Mensagem por Fabris em Sex 12 Mar 2010, 11:26 am

Como todos sabem, não existe um único artigo científico em que o ID tenha sido proposto como teoria científica. A principal causa disso é o fato de que ID é apenas mera religião e não uma teoria científica (como ficou demonstrado no julgamento de Dover).

No final de 2004, Stephem Meyer, um dos mais ativos militantes do ID tentou dar um golpe na comunidade científica, publicando um artigo de revisão em uma conceituada revista de biologia, Proceedings of the Biological Society of Washington.
Assim que foi publicado, a revista foi inundada de cartas de protesto dos cientistas sérios, que apontavam claramente o embuste.
O que ocorreu é que Meyer se utilizou de um fato: um dos editores, Richard von Sternberg, era um ativo membro de uma sociedade criacionista, a Baraminology Study Group, da Bryan College no Tennessee.

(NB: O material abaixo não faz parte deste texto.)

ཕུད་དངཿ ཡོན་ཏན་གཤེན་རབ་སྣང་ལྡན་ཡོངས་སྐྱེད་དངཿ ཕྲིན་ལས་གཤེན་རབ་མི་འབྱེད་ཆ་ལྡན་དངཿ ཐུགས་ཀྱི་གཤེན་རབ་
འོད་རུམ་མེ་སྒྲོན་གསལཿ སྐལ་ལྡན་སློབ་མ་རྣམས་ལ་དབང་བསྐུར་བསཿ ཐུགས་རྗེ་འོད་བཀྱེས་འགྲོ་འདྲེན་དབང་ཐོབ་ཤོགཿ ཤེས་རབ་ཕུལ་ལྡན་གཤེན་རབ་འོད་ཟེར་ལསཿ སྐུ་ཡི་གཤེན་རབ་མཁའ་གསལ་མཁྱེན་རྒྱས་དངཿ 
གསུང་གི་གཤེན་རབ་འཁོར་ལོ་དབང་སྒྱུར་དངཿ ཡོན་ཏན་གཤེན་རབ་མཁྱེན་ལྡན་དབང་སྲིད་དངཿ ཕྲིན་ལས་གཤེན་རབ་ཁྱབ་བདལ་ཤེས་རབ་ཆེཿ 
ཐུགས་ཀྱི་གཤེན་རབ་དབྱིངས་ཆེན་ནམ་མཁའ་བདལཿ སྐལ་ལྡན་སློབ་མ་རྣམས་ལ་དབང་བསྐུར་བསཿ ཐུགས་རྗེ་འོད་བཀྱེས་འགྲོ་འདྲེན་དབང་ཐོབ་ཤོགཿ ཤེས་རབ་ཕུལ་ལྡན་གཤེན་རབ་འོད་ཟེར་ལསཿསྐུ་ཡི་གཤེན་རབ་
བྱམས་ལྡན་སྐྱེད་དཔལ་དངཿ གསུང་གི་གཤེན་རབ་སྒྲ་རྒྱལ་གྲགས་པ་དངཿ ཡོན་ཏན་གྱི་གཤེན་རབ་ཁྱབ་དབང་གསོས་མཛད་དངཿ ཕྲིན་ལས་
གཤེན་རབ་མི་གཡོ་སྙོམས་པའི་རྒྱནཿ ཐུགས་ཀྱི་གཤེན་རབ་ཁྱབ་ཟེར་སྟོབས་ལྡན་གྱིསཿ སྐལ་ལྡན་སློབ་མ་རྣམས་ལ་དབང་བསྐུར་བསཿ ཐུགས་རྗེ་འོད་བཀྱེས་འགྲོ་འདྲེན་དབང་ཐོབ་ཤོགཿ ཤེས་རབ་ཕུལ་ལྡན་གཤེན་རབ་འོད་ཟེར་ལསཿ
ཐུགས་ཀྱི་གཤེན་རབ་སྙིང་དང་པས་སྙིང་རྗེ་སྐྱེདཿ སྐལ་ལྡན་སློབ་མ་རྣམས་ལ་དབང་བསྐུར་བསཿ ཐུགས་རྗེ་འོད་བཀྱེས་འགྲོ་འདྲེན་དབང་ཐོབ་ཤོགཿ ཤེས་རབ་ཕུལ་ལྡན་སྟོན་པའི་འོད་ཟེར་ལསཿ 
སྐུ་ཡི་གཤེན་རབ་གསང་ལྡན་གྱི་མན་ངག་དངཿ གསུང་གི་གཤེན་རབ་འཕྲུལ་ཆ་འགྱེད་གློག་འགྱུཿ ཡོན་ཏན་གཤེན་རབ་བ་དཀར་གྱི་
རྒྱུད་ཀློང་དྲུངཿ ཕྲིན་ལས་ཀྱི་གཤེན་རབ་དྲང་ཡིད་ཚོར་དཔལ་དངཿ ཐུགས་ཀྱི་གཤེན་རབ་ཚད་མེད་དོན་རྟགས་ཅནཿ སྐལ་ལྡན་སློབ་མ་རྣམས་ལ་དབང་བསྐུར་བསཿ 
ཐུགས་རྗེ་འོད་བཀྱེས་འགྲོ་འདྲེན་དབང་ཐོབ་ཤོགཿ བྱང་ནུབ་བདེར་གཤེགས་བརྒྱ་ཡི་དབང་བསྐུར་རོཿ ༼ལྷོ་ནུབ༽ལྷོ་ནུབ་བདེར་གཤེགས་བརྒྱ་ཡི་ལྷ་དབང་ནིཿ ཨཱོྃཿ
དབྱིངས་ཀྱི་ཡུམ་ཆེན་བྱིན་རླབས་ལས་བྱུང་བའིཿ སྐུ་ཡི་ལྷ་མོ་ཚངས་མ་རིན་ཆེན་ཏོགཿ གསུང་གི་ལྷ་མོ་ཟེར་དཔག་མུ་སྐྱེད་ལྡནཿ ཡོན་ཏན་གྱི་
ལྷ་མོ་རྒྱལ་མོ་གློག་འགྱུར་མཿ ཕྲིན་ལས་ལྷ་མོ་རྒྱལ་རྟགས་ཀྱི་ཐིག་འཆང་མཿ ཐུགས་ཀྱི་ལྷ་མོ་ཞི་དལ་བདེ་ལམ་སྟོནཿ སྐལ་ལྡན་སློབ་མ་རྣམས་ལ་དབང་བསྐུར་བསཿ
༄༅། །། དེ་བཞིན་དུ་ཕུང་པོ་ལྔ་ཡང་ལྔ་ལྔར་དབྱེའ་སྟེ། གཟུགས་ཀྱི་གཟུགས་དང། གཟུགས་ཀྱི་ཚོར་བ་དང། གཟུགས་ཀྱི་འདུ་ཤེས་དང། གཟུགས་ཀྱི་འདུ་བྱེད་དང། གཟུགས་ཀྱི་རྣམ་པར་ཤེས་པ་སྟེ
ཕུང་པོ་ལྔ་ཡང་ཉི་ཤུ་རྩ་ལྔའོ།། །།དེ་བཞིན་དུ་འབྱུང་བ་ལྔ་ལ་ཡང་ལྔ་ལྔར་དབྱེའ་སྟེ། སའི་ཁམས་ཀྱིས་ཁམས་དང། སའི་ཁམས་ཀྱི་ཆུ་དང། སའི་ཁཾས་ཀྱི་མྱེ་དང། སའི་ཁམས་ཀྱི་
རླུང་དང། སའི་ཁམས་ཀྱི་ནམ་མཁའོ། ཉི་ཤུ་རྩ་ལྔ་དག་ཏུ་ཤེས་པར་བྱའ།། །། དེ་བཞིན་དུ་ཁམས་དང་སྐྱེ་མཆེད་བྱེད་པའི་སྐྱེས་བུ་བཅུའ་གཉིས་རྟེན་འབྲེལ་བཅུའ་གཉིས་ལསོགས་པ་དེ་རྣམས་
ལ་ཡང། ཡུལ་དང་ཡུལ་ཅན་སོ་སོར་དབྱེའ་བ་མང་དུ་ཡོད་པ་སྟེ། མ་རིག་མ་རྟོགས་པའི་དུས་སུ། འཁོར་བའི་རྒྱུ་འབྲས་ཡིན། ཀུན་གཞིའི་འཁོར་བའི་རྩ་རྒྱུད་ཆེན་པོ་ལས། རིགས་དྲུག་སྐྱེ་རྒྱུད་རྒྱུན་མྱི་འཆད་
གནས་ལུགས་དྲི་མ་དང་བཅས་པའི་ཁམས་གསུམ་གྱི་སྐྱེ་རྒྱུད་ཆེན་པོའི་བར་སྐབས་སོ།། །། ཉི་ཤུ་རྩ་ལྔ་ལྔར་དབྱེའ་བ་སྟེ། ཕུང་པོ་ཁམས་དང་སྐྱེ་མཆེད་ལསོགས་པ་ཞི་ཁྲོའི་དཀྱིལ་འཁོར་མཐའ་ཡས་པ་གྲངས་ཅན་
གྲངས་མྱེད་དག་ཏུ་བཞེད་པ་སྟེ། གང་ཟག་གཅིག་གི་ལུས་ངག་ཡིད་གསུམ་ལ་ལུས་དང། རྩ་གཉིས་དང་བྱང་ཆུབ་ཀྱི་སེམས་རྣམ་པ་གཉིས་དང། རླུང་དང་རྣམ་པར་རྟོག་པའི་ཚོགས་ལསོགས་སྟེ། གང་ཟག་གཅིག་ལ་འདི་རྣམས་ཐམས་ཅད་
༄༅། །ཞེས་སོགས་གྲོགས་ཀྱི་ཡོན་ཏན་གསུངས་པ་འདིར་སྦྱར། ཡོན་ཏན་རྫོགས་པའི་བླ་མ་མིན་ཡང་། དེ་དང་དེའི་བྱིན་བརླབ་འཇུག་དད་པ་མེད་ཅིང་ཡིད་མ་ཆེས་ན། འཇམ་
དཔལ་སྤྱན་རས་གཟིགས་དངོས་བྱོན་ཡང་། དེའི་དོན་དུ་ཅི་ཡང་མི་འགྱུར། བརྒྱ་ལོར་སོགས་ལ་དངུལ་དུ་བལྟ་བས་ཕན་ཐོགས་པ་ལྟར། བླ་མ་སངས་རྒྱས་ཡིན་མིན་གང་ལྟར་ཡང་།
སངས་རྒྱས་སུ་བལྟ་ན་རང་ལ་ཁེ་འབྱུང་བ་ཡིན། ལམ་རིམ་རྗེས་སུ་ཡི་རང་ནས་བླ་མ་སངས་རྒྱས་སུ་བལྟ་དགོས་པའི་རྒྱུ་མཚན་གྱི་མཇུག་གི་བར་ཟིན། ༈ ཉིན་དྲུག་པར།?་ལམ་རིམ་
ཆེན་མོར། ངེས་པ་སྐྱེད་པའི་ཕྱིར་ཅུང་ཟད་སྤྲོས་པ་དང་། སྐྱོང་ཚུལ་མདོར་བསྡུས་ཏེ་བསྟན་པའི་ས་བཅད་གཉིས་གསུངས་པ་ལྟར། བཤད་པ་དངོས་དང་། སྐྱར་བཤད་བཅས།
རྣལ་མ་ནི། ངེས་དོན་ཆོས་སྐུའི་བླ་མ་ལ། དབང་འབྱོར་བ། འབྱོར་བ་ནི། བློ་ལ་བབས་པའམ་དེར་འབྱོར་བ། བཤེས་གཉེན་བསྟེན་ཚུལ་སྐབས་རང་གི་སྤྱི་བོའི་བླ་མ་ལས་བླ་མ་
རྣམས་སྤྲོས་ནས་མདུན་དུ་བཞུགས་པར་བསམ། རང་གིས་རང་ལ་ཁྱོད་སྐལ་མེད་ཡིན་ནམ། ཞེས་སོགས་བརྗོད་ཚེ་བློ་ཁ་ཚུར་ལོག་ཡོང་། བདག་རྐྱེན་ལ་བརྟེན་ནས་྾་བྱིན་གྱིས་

No volume seguinte, a Sociedade publicou o seguinte anúncio:

O artigo de Stephen C. Meyer, "A origem da informação biológica e as categorias taxonômicas superiores," no vol. 117, no. 2, pp. 213-239 dos Proceedings of the Biological Society of Washington, foi publicada, a critério do ex-editor, Richard v. Sternberg.
Contrariamente às práticas típicas editorial, o jornal foi publicado sem revisão por qualquer editor de associado; Sternberg cuidou sozinho de todo o processo de revisão.
O Conselho, que inclui funcionários, conselheiros eleitos, ex-presidentes e os editores associados teriam considerado inadequado para o papel as páginas da Proceedings ,porque o assunto representa um afastamento significativo em relação ao conteúdo quase meramente sistemática para que este jornal tem foi conhecido em todo os seus 122 anos de história.
Pela mesma razão, o jornal não vai publicar uma refutação à tese do artigo, a superioridade do design inteligente (DI) sobre a evolução como uma explicação para o surgimento diversidade da vida no preríodo pós Cambriano.
O Conselho apoia a resolução sobre o ID publicado pela American Association for the Advancement of Science (http://www.aaas.org/news/releases/2002/1106id2.shtml), que observa que não há nenhuma evidência científica credível qie apoie o ID como uma hipótese testável para explicar a origem da diversidade biológica. Assim, o papel de Meyer não cumpre as normas científicas da Proceedings.

Revisamos as políticas editoriais para assegurar que os objectivos da sociedade, que se reflectem em seu jornal, sejam claramente compreendidas por todos. Através de uma presença na web (http://www.biolsocwash.org) e melhorias na revista, a sociedade espera que não só continuar, mas aumentar o seu serviço para a comunidade internacional de biólogia sistemática.

http://debunkcreationscience.hostse.com/meyer.htm

O artigo foi, portanto, retirado dos anais da revista e repudiado. Não obstante, o Discovery Institute c ontinua mencionando o artigo como sendo um exemplo de sua base "científica"

Como sabem que sua teoria é apenas pura religião, os proponentes do ID se ocupam, agora, em tentar descaracterizar o sistema de revisão por pares.
Na verdade, eles nem sabem o que venha a ser isso.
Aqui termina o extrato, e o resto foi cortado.